Story: The little girl Jin-hee (Kim Sae-ron) is brought into a Catholic orphanage by her father. At first she doesn't understand what's
happening and when her father simply walks away she won't believe that he really left her alone. She refuses to eat and hides on the orphanage
ground all day long. Eventually, she has to realize, though, that she will be staying there for a while. Whereas the other children try to make
a good impression when potential adoptive parents visit the orphanage Jin-hee remains mute as she wants to stay at the orphanage until her father
comes back to fetch her. In time the girl makes friends with 11-years-old Sook-hee (Park Do-yeon) but that girl, too, wants to be taken in
by new parents as soon as possible. Jin-hee slowly starts to build emotional links to the other children but one after another they leave the
orphanage to start a brand new life somewhere else. For Jin-hee it's also just a matter of time until she will be adopted by someone.
Review: There are art-house movies that are pretty obviously made for festival audiences and simply want to be art for the sake of art. You
oftentimes ask yourself why there isn't more that such a movie wants to convey. After all film is a medium that can be made use of in a lot of ways
in order to deal with all kinds of subjects. Thus, it's not enough to make the protagonist stroll in silence through a screenplay that is limited
to the most necessary in the best "artically demanding" way possible. Sadly, that's exactly what has become common practice. Furthermore, such
movies aren't just exhausting but even boring. So it's even the more refreshing to get to see a movie like "A Brand New Life". This without a doubt
is an art-house film as well, the pacing is rather slow and it also was screened at Cannes. Nonetheless, the movie can instantly win you over
and touch you in a pleasently unmanipulative way.
"A Brand New Life" is a Korean-french co-production which at first glance portrays the life of female director Ounie Lecomte which has also been
put up at an orphanage until she was adopted by a french family. In fact, the story is simply strongly based on her own experience. Talks with
Lee Chang-dong ("Oasis", "Secret Sunshine") could convince him of her story so that
he stepped in as a producer. The result - and by saying that
I will probably turn many film critics and fans against me - is far more well-achieved and moving than many of Lee's films!
Lecomte's movie also doesn't refrain from necessary dialogue and creates a drama that is most of all so captivating because of the convincing
psychological illumination of Jin-hee. But also on a technical level there is nothing to criticize. The movie is captured in beautiful pictures and
the slightly greyish autumn atmosphere fits wonderfully into the sad but also melancholically bittersweet rest of the movie.

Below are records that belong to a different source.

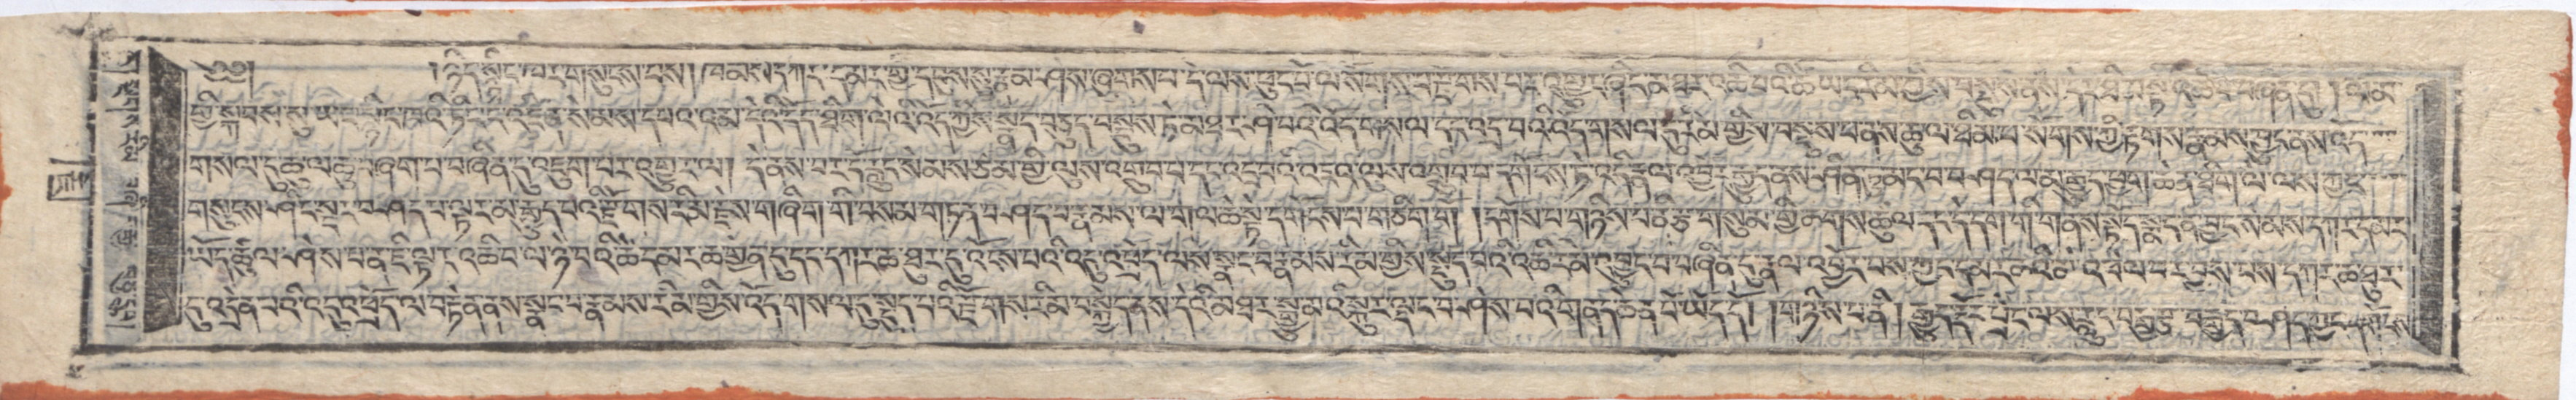༄༅། །ཉིད་སྙིང་ཁར་གསུངས་པས། ཁམས་དཀར་དམར་གྱི་དབུས་སུ་རྣམ་ཤེས་ཞུགས་པ་དེ་ལས་ཕུང་པོ་ལ་སོགས་པ་རྫོགས་པར་འགྱུར་ཞིང་མཐར་འཆི་བའི་ཚེ་ཡང་རིམ་གྱིས་བསྡུས་ནས་དེར་ཐིམ་སྟེ་འཆི་བ་བཞིན་དུ། །ལམ་
གྱི་སྐབས་སུ་ཡང་སྙིང་ཁའི་ཏིང་ངེ་འཛིན་སེམས་དཔའ་འམ་དེའི་དོད་ཐིག་ལེའི་འོད་ཀྱིས་སྣོད་བཅུད་བསྡུས་ཏེ་མཐར་ཤི་བའི་འོད་གསལ་དང་འདྲ་བའི་འོད་གསལ་དུ་རིམ་གྱིས་བསྡུས་པ་ན་ས་ཆུ་ལ་ཐིམ་པ་སོགས་ཀྱི་རྟགས་རྣམས་བྱུང་ནས་འོད་
གསལ་དུ་ཆུ་ལ་ཆུ་བཞག་པ་བཞིན་དུ་འཇུག་པར་འགྱུར་ལ། དེ་ནས་བར་དོ་རླུང་སེམས་ཙམ་གྱི་ལུས་འགྲུབ་པ་དང་འདྲ་བའི་འཇའ་ལུས་འགྲུབ་པ་དགོངས་ཏེ་འདི་རྣལ་འབྱོར་རྒྱུད་ནས་ཤིན་ཏུ་མང་བ་བཤད་ལ་མ་རྒྱུད་ཕྱག་ཆེན་ཐིག་ལེ་ལས་ཀྱང་
གསུངས་ཤིང་སྔར་བཤད་པ་ལྟར་མ་རྒྱུད་པའི་རྫོགས་རིམ་རྗེས་གཞིག་གི་བསམ་གཏན་བཤད་པ་རྣམས་ལ་གལ་ཆེ་སྟེ་དགོངས་པ་གཅིག་གོ །དགོས་པ་གཉིས་པ་ནི་རྩ་གསུམ་གྱི་ཆགས་ཚུལ་དང་དེ་དག་གི་གནས་སྟོད་སྨད་ན་བྱང་སེམས་དཀར་དམར་
ཡོད་ཚུལ་ཤེས་པ་ན་ཇི་ལྟར་འཆི་བ་ལ་ཉེ་བའི་ཚེ་དམར་ཆ་གྱེན་དུ་དང་དཀར་ཆ་ཐུར་དུ་འོངས་པའི་འདུ་འཕྲོད་ལས་སྣང་བ་རྣམས་རིམ་གྱིས་སྡུད་པའི་འཆི་རིམ་འབྱུང་བ་བཞིན་དུ་རྣལ་འབྱོར་བས་ཀྱང་དམར་ཆའི་མེ་འཕེལ་བར་བྱས་པས་དཀར་ཆ་ཐུར་
དུ་འདྲེན་པའི་འདུ་འཕྲོད་ལ་བརྟེན་ནས་སྣང་བ་རྣམས་རིམ་གྱིས་འོད་གསལ་དུ་སྡུད་པའི་རྫོགས་རིམ་བསྐྱེད་ནས་དེའི་མཐར་སྒྱུ་མའི་སྐུར་ལྡང་བ་ཤེས་པའི་གནད་ཆེན་པོ་ཡོད་དོ། །གཉིས་པ་ནི། རྒྱུད་རྡོར་ཕྲེང་ལས་རླུང་བརྒྱ་རྩ་བརྒྱད་བཤད་ཀྱང་དགོངས་

The introductory scene of Jin-hee happily eating together with her father (played in a cameo by Sol Kyung-gu!), singing him a song and clinging to her
dad on the bike, make the scene in which her father leaves her with a cake at an orphanage even the more tragical. Jin-hee can't understand at first
what has happened and that her life is now about to change drastically. Her initial disorientation caused by being left alone by her father makes
room for deep sorrow and anger. Kim Sae-ron, who one year later should also play a role in "The Man From Nowhere",
doesn't just embody a little
child that is supposed to win over the viewers' hearts with her cuteness but she also proves to be an impressive child actress. She shows a huge
amount of emotions, some of them pretty complex and therefore manages to present the different stages of her emotional state in the most
convincing way. At some points it's even hard to believe that a small child is really capable of portraying these kinds of feelings.

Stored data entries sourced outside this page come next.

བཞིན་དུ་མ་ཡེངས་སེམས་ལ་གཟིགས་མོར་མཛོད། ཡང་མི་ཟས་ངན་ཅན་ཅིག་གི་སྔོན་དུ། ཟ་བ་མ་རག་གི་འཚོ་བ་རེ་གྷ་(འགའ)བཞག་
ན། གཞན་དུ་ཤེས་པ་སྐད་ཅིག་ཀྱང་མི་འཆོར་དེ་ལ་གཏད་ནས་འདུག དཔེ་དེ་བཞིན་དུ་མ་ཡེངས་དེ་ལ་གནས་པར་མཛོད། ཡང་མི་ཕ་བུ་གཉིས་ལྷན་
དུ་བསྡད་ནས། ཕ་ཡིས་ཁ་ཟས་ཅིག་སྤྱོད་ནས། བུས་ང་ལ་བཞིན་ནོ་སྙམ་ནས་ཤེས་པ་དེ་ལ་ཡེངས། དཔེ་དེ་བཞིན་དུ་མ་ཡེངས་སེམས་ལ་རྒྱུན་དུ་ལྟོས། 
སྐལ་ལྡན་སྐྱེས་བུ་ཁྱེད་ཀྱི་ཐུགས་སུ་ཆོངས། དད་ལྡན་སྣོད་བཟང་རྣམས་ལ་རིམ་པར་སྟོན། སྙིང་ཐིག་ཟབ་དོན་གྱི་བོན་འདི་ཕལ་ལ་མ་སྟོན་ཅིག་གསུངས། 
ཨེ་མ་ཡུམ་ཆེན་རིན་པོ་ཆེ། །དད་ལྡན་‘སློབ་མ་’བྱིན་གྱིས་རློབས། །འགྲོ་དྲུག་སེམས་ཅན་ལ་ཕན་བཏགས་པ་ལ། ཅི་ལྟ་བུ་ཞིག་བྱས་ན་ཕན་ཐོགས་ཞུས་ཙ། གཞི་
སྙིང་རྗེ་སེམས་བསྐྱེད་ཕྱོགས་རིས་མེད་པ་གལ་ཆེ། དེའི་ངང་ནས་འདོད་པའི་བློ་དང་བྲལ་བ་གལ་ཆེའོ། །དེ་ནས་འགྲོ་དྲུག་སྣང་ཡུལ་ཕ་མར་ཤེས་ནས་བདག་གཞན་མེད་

In a few scenes the feelings of Jin-hee can show to advantage especially well. When she hears one of the children explain to the others that Jin-hee
isn't a guest but is now one of them the little girl can't continue denying towards herself that she will have to stay at this place for a while
now. That is also the moment in which she realizes that she won't see her father ever again. There is also one of the nuns who lets off steam
concerning her sadness and anger about having to see her children leave the orphanage year by year by beating the laundry and she recommends to
Jin-hee, when she in her anger destroys the toys of other children, to do the same. Apart from that there is one powerful scene in which Jin-hee
decides to die. To do that she wants to bury herself in her childish naivity. Even though the viewer knows that this won't work out, and maybe
Jin-hee does so as well, this scene has symbolic significance concerning Jin-hee's inner emotional state.
Jin-hee rebels against the nuns of the orphanage, doesn't give up asking about her father and can only open up emotionally to the girl Sook-hee after a while just to be disappointed once again. It is easy to suffer along with this girl who suddenly finds herself being abandoned by the whole world and has to deal with situations which she shouldn't even know at her age. "A Brand New Life" shows how much pain children are in fact capable of enduring and how little they differ from adults in respect of how to deal with it. Director Lecomte captures those feelings in honest pictures and thus manages to touch us without giving us the impression that this was the movie's aim to begin with. That makes the drama work out even the more and the melancholic mood and some powerful scenes make the film stick with you long after the credits. This is why this unmanipulative but touching movie should be seen by all drama-friends who care for honest stories.